§ **Records for the exercise**
- - -

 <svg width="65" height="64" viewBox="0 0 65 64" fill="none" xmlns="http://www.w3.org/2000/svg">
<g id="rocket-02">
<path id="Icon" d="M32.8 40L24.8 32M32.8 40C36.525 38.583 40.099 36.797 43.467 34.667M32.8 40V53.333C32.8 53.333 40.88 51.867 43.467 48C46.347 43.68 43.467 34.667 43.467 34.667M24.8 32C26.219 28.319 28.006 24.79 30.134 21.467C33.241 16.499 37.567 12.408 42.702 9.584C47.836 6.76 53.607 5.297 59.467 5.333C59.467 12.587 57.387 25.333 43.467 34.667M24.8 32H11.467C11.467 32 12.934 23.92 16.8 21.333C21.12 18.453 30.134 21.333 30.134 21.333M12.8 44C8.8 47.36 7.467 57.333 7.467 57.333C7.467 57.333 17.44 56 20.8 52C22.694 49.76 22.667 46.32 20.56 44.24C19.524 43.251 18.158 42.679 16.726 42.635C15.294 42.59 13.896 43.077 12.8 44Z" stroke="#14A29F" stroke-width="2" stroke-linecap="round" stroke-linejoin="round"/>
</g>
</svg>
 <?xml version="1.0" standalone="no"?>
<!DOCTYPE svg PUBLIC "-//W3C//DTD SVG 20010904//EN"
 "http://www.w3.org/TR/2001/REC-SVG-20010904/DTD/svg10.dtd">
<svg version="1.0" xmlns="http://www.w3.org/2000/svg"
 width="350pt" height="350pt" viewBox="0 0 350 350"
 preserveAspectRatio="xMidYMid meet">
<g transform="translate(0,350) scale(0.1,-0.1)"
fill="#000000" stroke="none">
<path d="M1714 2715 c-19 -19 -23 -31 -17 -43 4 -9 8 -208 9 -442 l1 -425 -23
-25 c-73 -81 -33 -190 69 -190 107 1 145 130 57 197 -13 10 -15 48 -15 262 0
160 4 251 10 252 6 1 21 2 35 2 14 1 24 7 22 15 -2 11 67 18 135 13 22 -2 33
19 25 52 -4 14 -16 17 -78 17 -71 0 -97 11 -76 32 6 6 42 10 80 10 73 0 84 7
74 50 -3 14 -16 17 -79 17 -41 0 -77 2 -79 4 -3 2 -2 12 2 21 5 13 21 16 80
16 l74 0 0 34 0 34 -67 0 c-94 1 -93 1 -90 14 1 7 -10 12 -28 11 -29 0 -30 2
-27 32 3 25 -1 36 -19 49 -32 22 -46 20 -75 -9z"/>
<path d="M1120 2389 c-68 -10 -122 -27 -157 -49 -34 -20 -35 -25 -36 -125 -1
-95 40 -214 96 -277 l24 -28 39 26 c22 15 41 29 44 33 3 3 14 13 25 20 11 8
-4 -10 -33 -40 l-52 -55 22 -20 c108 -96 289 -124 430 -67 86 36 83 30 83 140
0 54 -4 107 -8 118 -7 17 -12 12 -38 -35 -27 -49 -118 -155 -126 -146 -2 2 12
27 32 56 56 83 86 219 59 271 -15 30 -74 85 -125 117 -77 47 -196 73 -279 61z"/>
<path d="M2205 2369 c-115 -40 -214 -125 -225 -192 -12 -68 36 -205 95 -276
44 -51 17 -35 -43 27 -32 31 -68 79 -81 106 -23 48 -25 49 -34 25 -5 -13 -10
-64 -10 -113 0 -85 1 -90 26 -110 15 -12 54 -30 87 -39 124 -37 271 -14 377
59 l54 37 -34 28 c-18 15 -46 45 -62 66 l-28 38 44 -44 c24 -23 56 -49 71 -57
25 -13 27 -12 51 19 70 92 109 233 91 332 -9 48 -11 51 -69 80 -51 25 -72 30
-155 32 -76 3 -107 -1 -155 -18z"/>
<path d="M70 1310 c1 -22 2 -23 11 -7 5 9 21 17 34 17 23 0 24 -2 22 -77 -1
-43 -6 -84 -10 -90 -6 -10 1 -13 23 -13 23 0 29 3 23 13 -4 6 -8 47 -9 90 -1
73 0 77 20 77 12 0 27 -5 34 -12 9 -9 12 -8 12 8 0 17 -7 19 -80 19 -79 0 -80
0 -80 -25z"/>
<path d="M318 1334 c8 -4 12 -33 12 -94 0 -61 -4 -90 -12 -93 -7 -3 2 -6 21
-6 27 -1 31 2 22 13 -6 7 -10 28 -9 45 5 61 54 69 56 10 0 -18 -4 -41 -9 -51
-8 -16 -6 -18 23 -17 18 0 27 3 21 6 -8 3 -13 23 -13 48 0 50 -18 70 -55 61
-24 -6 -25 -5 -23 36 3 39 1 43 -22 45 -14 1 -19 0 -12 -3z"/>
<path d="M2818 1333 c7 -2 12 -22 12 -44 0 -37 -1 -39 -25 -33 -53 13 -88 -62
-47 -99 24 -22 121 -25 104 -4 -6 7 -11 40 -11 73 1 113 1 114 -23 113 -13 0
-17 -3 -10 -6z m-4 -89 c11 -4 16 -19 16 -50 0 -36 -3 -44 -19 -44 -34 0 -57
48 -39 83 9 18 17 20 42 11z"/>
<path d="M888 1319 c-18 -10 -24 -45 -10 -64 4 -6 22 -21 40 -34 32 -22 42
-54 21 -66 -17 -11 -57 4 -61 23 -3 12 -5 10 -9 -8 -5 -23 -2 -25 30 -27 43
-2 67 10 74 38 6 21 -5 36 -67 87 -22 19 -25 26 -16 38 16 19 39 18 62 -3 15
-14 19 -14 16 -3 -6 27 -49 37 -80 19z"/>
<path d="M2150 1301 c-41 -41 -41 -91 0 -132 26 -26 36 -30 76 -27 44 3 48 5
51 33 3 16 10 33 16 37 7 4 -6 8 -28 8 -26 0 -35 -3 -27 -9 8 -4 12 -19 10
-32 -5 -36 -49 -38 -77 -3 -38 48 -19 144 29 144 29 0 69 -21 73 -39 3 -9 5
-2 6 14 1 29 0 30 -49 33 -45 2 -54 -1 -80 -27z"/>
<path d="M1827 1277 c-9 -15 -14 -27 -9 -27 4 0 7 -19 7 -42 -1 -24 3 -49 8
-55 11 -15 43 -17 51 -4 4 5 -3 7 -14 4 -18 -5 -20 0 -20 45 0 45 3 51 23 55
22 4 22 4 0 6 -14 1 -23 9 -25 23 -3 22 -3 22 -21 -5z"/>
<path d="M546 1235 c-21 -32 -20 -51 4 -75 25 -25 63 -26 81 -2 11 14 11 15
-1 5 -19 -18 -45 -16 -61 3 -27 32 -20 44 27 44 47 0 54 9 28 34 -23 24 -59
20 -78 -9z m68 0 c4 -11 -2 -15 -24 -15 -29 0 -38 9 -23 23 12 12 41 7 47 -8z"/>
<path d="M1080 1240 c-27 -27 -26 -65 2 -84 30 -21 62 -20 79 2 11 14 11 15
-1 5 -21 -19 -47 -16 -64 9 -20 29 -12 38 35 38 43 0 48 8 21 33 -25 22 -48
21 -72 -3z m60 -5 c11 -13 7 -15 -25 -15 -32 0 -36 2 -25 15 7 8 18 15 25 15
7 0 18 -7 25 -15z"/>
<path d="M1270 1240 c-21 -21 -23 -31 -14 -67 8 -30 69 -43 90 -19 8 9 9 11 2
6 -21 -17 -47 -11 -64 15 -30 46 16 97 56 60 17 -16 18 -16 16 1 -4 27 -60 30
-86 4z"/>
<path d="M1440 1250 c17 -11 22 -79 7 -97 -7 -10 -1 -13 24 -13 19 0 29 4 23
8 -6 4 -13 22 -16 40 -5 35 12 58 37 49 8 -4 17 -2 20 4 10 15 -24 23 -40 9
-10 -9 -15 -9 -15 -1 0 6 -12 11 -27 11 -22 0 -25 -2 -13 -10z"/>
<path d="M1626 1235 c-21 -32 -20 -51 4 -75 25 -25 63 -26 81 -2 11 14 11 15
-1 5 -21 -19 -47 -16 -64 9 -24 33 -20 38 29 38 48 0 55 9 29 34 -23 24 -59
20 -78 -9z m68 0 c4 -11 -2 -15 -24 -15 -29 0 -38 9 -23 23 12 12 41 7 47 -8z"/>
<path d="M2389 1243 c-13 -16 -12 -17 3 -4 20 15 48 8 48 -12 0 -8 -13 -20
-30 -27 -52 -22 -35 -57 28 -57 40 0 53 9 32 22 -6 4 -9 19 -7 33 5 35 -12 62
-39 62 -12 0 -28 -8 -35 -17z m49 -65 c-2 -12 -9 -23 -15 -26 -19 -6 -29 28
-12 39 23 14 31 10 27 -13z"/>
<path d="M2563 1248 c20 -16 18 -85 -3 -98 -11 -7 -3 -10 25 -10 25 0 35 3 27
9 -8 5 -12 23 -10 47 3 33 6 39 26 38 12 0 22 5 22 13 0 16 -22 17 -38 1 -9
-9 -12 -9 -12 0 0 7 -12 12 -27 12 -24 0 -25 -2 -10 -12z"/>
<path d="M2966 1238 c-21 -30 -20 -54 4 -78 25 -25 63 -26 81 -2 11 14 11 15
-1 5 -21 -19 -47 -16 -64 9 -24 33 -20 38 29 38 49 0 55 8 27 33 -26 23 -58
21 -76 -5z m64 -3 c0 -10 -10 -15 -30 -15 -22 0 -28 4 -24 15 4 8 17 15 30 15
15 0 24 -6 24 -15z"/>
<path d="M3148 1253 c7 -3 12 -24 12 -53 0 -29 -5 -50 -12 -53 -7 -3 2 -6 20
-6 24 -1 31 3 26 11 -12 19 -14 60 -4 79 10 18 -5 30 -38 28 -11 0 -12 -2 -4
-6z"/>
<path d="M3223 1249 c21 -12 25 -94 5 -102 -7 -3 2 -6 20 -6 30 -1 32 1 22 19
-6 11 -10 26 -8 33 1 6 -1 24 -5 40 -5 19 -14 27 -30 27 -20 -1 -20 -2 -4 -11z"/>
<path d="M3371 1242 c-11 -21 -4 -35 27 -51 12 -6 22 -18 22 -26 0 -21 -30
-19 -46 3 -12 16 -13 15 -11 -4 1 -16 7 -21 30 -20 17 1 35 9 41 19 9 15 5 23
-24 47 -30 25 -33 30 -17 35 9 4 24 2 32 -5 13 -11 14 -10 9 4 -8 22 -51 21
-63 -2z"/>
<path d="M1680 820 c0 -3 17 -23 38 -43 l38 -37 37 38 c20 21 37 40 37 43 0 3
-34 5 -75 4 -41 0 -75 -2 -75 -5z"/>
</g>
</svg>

- - -

§ **Exercise instructions**
Beginning at the line above that contains "-25 c-73 -81", return each line exactly through the line that contains "25 -13 27 -12", and no others.

§ **Task solution**
-25 c-73 -81 -33 -190 69 -190 107 1 145 130 57 197 -13 10 -15 48 -15 262 0
160 4 251 10 252 6 1 21 2 35 2 14 1 24 7 22 15 -2 11 67 18 135 13 22 -2 33
19 25 52 -4 14 -16 17 -78 17 -71 0 -97 11 -76 32 6 6 42 10 80 10 73 0 84 7
74 50 -3 14 -16 17 -79 17 -41 0 -77 2 -79 4 -3 2 -2 12 2 21 5 13 21 16 80
16 l74 0 0 34 0 34 -67 0 c-94 1 -93 1 -90 14 1 7 -10 12 -28 11 -29 0 -30 2
-27 32 3 25 -1 36 -19 49 -32 22 -46 20 -75 -9z"/>
<path d="M1120 2389 c-68 -10 -122 -27 -157 -49 -34 -20 -35 -25 -36 -125 -1
-95 40 -214 96 -277 l24 -28 39 26 c22 15 41 29 44 33 3 3 14 13 25 20 11 8
-4 -10 -33 -40 l-52 -55 22 -20 c108 -96 289 -124 430 -67 86 36 83 30 83 140
0 54 -4 107 -8 118 -7 17 -12 12 -38 -35 -27 -49 -118 -155 -126 -146 -2 2 12
27 32 56 56 83 86 219 59 271 -15 30 -74 85 -125 117 -77 47 -196 73 -279 61z"/>
<path d="M2205 2369 c-115 -40 -214 -125 -225 -192 -12 -68 36 -205 95 -276
44 -51 17 -35 -43 27 -32 31 -68 79 -81 106 -23 48 -25 49 -34 25 -5 -13 -10
-64 -10 -113 0 -85 1 -90 26 -110 15 -12 54 -30 87 -39 124 -37 271 -14 377
59 l54 37 -34 28 c-18 15 -46 45 -62 66 l-28 38 44 -44 c24 -23 56 -49 71 -57
25 -13 27 -12 51 19 70 92 109 233 91 332 -9 48 -11 51 -69 80 -51 25 -72 30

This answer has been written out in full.